Bediüzzaman, İslamiyetin özgürlük ortamında yaşandığını söyledi

Bediüzzaman, İslamiyetin özgürlük ortamında yaşandığını söyledi

Üsküdar Üniversitesi tarafından Bediüzzaman Said Nursi’nin vefatının 62’nci yıl dönümünde ‘İslamofobi ve İslam karşıtı söylemler’ paneli düzenlendi

Pandemi önlemleri kapsamında çevrimiçi düzenlenen panel, Hafız Ahmed Kaya’nın okuduğu Kur'an-ı Kerim tilaveti ile başladı. Üsküdar Üniversitesi İnsan ve Toplum Bilimleri Fakültesi Tarih Bölüm Başkanı Dr. Öğretim Üyesi Uygar Aydemir’in moderatörlüğünde gerçekleşen panelde açılış konuşmaları gerçekleştirildi.

Risale-i Nur eserleri, Kur’an güneşinin pırıltılarıdır

Üsküdar Üniversitesi Kurucu Rektörü, Yönetim Üst Kurulu Başkanı Prof.
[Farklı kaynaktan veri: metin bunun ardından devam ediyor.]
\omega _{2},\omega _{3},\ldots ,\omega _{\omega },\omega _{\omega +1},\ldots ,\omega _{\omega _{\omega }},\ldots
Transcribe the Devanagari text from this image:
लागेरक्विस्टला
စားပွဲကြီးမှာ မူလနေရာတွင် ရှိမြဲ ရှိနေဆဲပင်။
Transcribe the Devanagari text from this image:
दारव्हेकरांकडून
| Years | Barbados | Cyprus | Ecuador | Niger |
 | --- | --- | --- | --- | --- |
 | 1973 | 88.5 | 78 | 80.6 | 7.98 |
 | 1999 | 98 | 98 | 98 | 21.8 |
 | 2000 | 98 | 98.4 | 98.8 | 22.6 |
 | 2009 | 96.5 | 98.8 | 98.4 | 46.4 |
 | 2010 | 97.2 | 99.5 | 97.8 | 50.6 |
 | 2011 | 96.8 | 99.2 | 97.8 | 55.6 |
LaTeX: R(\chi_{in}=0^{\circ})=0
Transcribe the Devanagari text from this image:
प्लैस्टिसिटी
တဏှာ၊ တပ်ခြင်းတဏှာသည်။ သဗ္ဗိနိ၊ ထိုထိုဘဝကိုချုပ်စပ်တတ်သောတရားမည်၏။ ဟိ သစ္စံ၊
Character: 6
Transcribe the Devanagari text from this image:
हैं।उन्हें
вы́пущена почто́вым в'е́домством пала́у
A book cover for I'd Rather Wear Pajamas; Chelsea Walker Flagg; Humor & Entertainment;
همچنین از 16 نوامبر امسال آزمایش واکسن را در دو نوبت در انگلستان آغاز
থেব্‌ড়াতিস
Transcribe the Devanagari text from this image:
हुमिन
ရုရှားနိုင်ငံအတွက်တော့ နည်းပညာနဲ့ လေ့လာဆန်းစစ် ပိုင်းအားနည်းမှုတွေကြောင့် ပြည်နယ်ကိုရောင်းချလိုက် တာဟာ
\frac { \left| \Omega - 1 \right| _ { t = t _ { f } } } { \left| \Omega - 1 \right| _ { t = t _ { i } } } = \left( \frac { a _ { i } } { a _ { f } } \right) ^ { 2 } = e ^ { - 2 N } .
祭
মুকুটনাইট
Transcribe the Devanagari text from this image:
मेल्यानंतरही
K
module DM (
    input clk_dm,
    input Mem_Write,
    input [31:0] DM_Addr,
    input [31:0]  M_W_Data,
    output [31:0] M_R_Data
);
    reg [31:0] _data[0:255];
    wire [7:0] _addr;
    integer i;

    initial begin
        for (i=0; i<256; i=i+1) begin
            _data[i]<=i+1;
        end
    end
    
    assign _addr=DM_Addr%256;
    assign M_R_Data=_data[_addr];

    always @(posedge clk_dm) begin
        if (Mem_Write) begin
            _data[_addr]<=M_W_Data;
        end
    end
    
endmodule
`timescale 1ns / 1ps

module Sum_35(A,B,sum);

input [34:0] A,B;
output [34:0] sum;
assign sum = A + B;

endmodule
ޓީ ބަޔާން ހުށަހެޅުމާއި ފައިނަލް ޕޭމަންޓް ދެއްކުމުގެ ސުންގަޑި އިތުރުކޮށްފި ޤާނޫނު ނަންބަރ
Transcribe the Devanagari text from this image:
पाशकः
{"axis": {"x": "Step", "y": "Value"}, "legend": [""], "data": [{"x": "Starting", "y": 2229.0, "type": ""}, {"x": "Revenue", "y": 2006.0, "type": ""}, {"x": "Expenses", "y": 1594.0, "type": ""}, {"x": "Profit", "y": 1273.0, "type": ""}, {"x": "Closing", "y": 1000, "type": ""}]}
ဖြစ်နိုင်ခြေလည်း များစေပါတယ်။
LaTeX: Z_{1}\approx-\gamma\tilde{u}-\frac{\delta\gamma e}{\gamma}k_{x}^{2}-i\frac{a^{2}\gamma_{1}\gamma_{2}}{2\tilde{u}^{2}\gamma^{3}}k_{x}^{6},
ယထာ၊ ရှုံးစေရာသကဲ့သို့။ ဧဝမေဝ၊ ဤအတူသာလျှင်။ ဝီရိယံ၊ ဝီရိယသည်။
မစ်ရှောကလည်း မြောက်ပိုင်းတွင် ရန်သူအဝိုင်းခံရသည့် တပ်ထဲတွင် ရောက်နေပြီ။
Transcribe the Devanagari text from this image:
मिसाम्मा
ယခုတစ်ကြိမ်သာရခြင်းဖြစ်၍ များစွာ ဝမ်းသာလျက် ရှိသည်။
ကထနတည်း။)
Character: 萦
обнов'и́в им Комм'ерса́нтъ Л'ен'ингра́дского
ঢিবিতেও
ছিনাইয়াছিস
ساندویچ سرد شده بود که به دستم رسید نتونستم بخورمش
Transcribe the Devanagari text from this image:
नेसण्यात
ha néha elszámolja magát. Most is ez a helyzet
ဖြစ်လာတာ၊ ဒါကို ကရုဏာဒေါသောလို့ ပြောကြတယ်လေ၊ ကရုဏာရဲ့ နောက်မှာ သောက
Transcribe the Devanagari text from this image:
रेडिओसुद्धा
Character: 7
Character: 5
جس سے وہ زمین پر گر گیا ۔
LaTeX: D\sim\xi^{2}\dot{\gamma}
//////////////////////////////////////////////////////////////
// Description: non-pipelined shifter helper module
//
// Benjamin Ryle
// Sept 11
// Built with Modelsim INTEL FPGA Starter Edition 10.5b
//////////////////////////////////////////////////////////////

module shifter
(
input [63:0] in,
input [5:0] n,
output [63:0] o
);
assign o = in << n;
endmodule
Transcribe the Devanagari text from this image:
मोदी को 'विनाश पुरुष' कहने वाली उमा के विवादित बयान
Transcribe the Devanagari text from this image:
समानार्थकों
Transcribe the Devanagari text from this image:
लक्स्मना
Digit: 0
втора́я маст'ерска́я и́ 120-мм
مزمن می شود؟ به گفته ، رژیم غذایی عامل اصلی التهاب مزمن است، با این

Dr. Nevzat Tarhan, açılış konuşmasında Bediüzzaman Said Nursi Hazretlerini 62’nci vefat yıldönümünde 9’ncu Anma ve Anlama Programı ile andıklarını söyledi. Tarhan, “Risale-i Nur eserleri, Kur’an güneşinin çuhalarıdır, pırıltılarıdır, sızıntılarıdır, Kur'an’ın bu çağa bakan bir ışığı ve yorumudur. Bediüzzaman da bu çağda medrese, mektep ve tekkeyi birleştiren bir kişidir. Bu zamanda bu üç caddeyi ana caddede günümüze sunuyor.” dedi.

“Risale-i Nur bütün insanların referansıdır”

Zaman geçtikçe özellikle gençlerde ciddi bir değişim yaşandığını vurgulayan Prof. Tarhan, sözlerine şöyle devam etti: “Gençler varoluşu çok sorguluyor. ‘Neden varım, ne için yaşıyorum, hayat nedir, hayatın sonu nedir ve sonsuzluk nedir?’ gibi soruları çok soruyorlar. Gençlerin akıllarındaki sorulara bu eserler çok güzel yanıtlar veriyor. Bu eserler arasındaki İhlas Risalesi ciddi bir tasavvuf dersi niteliğinde. Bu nedenle Bediüzzaman Hazretlerine herkesin ihtiyacı var. Bediüzzaman sadece Risale-i Nur’un takipçilerinin ve müminlerin bir referansı değildir, bütün insanların referansıdır. Bu gözle bakabilmek ve bu kaynaklardan faydalanabilmek çok önemli. O yüzden biz bu anma programlarını aslında anlama şeklinde daha çok devam ettirmek istiyoruz.”

‘Zamanı gelmiş fikirler en güçlü silahtır’

Bediüzzaman Said Nursi Anma ve Anlama Programı’nda neden İslamofobi konusunu seçtiklerini açıklayan Tarhan, “Birleşmiş Milletler, 15 Mart’ı İslamofobi ile Mücadele Günü olarak ilan etti. Victor Hugo’nun ‘Zamanı gelmiş fikirler en güçlü silahtır’ diye bir sözü var. Gerçekten de öyle olduğunu gördük. Atlantikçi yapının, NATO paktının düşmana ihtiyacı var. Soğuk savaş bittikten sonra 93 yılında Belçika’da bir toplantı yapılmıştı. Yeni düşman yeşil kuşak diyorlardı. Şu anda yeni düşman Sovyetler Birliği oldu. Dünyada İŞİD gibi yarı sentetik yapılar ortaya çıktı ve bitti. Fakat İslamofobi ve silah sanayi beslenemedi. Dünya hakimiyeti oluşturmak için ve silah sanayi beslensin diye yeni bir düşmana ihtiyaç var. Bir şekilde Ukrayna yeni kurban yapıldı. NATO da muhtemelen düşman konseptini değiştirecektir.” dedi.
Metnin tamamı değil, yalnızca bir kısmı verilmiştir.